» **Exercise goal**: Copy each line that includes the string "path" from the material into your answer.

====== Information

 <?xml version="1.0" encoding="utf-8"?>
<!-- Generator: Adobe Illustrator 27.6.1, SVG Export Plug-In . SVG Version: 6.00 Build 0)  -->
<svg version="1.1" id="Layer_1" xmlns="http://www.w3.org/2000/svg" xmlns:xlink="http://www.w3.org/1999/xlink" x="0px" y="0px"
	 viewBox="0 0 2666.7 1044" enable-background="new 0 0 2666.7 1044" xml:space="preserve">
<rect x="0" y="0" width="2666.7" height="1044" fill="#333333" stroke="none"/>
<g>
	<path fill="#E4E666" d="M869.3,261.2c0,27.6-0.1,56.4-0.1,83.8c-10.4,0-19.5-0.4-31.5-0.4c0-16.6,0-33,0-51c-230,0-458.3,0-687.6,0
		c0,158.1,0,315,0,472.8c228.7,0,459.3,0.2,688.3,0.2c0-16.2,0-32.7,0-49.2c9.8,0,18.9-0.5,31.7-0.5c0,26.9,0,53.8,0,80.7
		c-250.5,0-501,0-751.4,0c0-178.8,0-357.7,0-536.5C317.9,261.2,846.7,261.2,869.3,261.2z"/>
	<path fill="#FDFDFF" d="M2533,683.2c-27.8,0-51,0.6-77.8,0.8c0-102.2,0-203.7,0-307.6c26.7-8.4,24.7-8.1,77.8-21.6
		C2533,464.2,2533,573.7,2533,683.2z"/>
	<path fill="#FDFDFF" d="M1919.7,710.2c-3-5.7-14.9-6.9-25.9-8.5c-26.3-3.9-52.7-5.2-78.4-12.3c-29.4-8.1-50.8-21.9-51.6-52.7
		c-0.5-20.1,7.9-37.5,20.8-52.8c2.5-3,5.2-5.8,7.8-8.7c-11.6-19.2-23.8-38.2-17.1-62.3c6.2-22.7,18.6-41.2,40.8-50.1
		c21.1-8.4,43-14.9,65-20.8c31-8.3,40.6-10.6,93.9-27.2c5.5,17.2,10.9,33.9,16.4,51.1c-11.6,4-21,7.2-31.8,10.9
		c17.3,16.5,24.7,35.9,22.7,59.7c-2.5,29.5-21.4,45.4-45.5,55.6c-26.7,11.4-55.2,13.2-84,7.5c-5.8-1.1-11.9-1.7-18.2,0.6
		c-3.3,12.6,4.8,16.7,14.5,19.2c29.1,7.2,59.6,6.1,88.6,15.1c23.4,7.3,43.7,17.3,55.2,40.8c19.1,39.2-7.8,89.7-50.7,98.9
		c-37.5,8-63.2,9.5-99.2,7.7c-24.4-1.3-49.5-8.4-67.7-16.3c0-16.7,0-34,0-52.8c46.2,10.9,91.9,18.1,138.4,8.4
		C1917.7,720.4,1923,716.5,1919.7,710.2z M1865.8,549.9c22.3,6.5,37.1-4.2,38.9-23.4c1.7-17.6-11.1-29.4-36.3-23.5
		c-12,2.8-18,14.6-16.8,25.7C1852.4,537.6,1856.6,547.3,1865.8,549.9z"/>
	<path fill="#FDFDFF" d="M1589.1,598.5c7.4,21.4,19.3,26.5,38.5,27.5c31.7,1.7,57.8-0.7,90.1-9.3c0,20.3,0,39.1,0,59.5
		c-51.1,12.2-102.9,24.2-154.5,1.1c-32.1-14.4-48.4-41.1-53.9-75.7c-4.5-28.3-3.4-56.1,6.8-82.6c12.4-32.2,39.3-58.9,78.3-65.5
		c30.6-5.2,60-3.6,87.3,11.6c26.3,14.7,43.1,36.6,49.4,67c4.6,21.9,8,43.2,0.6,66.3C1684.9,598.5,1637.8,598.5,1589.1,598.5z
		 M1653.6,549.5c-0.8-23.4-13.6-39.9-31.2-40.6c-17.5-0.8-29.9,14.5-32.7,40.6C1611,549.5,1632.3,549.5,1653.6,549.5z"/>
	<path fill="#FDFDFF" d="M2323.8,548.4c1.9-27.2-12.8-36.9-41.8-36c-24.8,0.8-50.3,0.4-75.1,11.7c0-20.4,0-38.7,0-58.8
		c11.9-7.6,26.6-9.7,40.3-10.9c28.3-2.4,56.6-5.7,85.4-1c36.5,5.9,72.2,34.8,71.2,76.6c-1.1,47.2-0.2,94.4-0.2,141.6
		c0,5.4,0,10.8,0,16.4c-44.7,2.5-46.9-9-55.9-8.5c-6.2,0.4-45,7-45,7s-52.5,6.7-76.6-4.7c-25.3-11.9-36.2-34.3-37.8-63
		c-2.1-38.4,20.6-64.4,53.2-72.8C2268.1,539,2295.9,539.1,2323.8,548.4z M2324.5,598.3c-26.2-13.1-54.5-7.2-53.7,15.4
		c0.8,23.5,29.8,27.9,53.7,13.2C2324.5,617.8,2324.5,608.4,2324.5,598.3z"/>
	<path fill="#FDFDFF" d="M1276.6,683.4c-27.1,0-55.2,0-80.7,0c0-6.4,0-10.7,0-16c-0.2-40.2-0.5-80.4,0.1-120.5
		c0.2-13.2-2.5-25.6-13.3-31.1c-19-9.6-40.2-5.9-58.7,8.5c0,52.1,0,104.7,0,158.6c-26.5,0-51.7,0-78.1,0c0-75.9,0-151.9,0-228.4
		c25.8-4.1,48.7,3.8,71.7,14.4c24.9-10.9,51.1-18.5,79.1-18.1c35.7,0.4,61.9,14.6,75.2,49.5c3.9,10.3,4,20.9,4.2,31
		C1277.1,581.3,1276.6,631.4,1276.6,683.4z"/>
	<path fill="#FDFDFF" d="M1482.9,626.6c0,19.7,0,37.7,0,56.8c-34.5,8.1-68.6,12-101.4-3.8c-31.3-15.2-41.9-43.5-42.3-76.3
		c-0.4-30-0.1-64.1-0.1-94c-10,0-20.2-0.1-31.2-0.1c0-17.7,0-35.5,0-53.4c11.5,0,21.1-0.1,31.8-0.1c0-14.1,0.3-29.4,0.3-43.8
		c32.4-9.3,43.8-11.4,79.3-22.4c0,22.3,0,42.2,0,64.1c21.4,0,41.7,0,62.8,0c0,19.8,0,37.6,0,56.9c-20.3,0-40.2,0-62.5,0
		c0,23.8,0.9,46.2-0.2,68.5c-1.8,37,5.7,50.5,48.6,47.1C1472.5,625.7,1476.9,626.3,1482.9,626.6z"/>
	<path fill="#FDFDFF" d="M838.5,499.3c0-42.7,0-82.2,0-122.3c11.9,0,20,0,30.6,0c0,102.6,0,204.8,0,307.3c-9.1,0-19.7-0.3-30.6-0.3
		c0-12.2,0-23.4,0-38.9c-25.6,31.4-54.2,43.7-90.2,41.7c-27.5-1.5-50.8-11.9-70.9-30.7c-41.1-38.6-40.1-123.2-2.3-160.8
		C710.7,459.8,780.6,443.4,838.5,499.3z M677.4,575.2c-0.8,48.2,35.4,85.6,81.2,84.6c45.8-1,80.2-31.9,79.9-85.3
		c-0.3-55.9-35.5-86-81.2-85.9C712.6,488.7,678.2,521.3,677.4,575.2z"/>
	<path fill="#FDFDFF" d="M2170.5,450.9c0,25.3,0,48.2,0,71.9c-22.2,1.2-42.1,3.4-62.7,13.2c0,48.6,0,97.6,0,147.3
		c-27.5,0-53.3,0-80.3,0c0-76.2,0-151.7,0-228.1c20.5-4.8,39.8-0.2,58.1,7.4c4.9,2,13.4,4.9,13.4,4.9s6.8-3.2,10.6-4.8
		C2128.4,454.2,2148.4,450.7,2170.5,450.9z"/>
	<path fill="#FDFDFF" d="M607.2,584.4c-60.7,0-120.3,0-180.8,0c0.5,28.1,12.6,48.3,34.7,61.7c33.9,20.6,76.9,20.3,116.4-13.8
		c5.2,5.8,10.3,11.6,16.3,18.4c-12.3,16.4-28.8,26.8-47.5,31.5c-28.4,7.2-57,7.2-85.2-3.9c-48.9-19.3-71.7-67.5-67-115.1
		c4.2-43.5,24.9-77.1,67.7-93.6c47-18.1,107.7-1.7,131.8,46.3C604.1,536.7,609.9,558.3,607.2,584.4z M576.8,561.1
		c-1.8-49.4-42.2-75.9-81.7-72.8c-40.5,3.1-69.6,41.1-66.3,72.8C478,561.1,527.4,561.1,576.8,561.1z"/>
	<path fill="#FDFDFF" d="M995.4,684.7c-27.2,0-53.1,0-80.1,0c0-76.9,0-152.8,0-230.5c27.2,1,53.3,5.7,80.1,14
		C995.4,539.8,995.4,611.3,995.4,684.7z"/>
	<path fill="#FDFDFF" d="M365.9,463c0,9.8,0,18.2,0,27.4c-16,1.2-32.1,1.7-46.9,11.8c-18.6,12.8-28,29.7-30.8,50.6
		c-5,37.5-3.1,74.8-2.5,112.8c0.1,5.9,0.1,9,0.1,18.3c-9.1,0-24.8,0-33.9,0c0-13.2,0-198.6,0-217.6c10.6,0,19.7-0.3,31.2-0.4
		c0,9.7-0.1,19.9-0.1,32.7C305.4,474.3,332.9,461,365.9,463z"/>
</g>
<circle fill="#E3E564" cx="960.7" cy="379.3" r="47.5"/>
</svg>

============

» **Finished exercise**:
	<path fill="#E4E666" d="M869.3,261.2c0,27.6-0.1,56.4-0.1,83.8c-10.4,0-19.5-0.4-31.5-0.4c0-16.6,0-33,0-51c-230,0-458.3,0-687.6,0
	<path fill="#FDFDFF" d="M2533,683.2c-27.8,0-51,0.6-77.8,0.8c0-102.2,0-203.7,0-307.6c26.7-8.4,24.7-8.1,77.8-21.6
	<path fill="#FDFDFF" d="M1919.7,710.2c-3-5.7-14.9-6.9-25.9-8.5c-26.3-3.9-52.7-5.2-78.4-12.3c-29.4-8.1-50.8-21.9-51.6-52.7
	<path fill="#FDFDFF" d="M1589.1,598.5c7.4,21.4,19.3,26.5,38.5,27.5c31.7,1.7,57.8-0.7,90.1-9.3c0,20.3,0,39.1,0,59.5
	<path fill="#FDFDFF" d="M2323.8,548.4c1.9-27.2-12.8-36.9-41.8-36c-24.8,0.8-50.3,0.4-75.1,11.7c0-20.4,0-38.7,0-58.8
	<path fill="#FDFDFF" d="M1276.6,683.4c-27.1,0-55.2,0-80.7,0c0-6.4,0-10.7,0-16c-0.2-40.2-0.5-80.4,0.1-120.5
	<path fill="#FDFDFF" d="M1482.9,626.6c0,19.7,0,37.7,0,56.8c-34.5,8.1-68.6,12-101.4-3.8c-31.3-15.2-41.9-43.5-42.3-76.3
	<path fill="#FDFDFF" d="M838.5,499.3c0-42.7,0-82.2,0-122.3c11.9,0,20,0,30.6,0c0,102.6,0,204.8,0,307.3c-9.1,0-19.7-0.3-30.6-0.3
	<path fill="#FDFDFF" d="M2170.5,450.9c0,25.3,0,48.2,0,71.9c-22.2,1.2-42.1,3.4-62.7,13.2c0,48.6,0,97.6,0,147.3
	<path fill="#FDFDFF" d="M607.2,584.4c-60.7,0-120.3,0-180.8,0c0.5,28.1,12.6,48.3,34.7,61.7c33.9,20.6,76.9,20.3,116.4-13.8
	<path fill="#FDFDFF" d="M995.4,684.7c-27.2,0-53.1,0-80.1,0c0-76.9,0-152.8,0-230.5c27.2,1,53.3,5.7,80.1,14
	<path fill="#FDFDFF" d="M365.9,463c0,9.8,0,18.2,0,27.4c-16,1.2-32.1,1.7-46.9,11.8c-18.6,12.8-28,29.7-30.8,50.6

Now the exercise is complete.